JAM-A has a sex-dependent role in GBM. JAM-A deficiency in females leads to microglia activation, enhances their phagocytic activity, and promotes GBM progression via FIZZ1 and Ifi202b expression. Figure created with BioRender.com

This timely study seeks to address a critically relevant gap in current GBM research: how sex difference can influence the tumor microenvironment and ultimately drive tumor progression and therapeutic resistance. While the current work lacks a viable drug target that could be translated to clinic, it directly establishes the value of probing differences in the tumor microenvironment resulting from sex. Sex differences due in part to hormone signaling are known to arise throughout the brain in synaptogenesis, dendritic spine development, and neurite outgrowth.⁸ This is highly relevant given that researchers have begun to demonstrate that GBM can functionally integrate into the brain surroundings through both electrical as well as neurochemical signaling.^9,10 These emerging interactions drive home GBM’s ability to interact with and manipulate its microenvironment rather than just passively grow within it. This is well demonstrated by Turaga and colleagues in the current study detailing that JAM-A signaling functions as a microenvironmental cue toward the tumor, somewhat like a neurotransmitter release or downstream electrical signal. However, a few important questions require further investigation. First, it is not clear how the activated microglia can promote GBM cell proliferation. If JAM-A involves establishing a feedback loop between microglia and GBM cells, then identifying such a pro-oncogenic signal would be critical to clinical target this pathway. Secondly, given the role of tumor-associated microglia in establishing the immunosuppressive microenvironment in GBM, it is conceivable that JAM-A signaling may influence the immune landscape of GBM in a sex-dependent manner. A comprehensive combination of the above works will be needed to properly elucidate if there are clinically meaningful sex-specific effects within the tumor microenvironment that can be taken advantage of to benefit patient survival.
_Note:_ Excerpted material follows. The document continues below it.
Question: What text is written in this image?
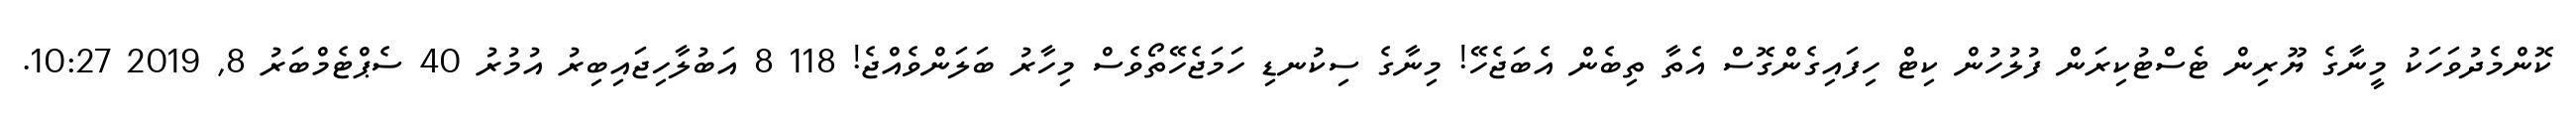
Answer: ކޮންމެދުވަހަކު މީނާގެ ޔޫރިން ޓެސްޓުކިރަން ފުލުހުން ކިޓް ހިފައިގެންގޮސް އެތާ ތިބެން އެބަޖެހޭ! މިނާގެ ސިކުނޑި ހަމަޖެހޭތޯވެސް މިހާރު ބަލަންވެއްޖެ! 118 8 އަބުލާހިޖައިބިރު އުމުރު 40 ސެޕްޓެމްބަރު 8, 2019 10:27.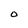
Character: O

In summary, the current study fits nicely into an emerging trend within the GBM field: demonstrating that not only are the tumors themselves cellularly complex but the microenvironments, and indeed the hosts as well, are just as complex. Further studies will no doubt continue to illuminate potentially relevant differences between male and female GBM tumor biology. Although the field has been striving to develop personalized therapeutics based on tumor biology, this has yet to be realized meaningfully in a clinical setting. Work highlighting sex differences in tumor biology could end up illuminating several new possible drug targets or therapeutic avenues able to extend the lives of patients. Indeed, in many other diseases, differences in sex play a pivotal role in how treatment paradigms are determined, and this may ultimately end up being the case for GBM. Furthermore, as important as it can be to find new therapeutics, these inherent sexual differences may illuminate therapies or strategies that do not work for patients’ cohorts due to differing biology based on sex. When it comes to further studies in GBM tumor biology, patient sex should be treated as separate and not equal.

Conflict of interest statement. The authors declare no competing financial interests.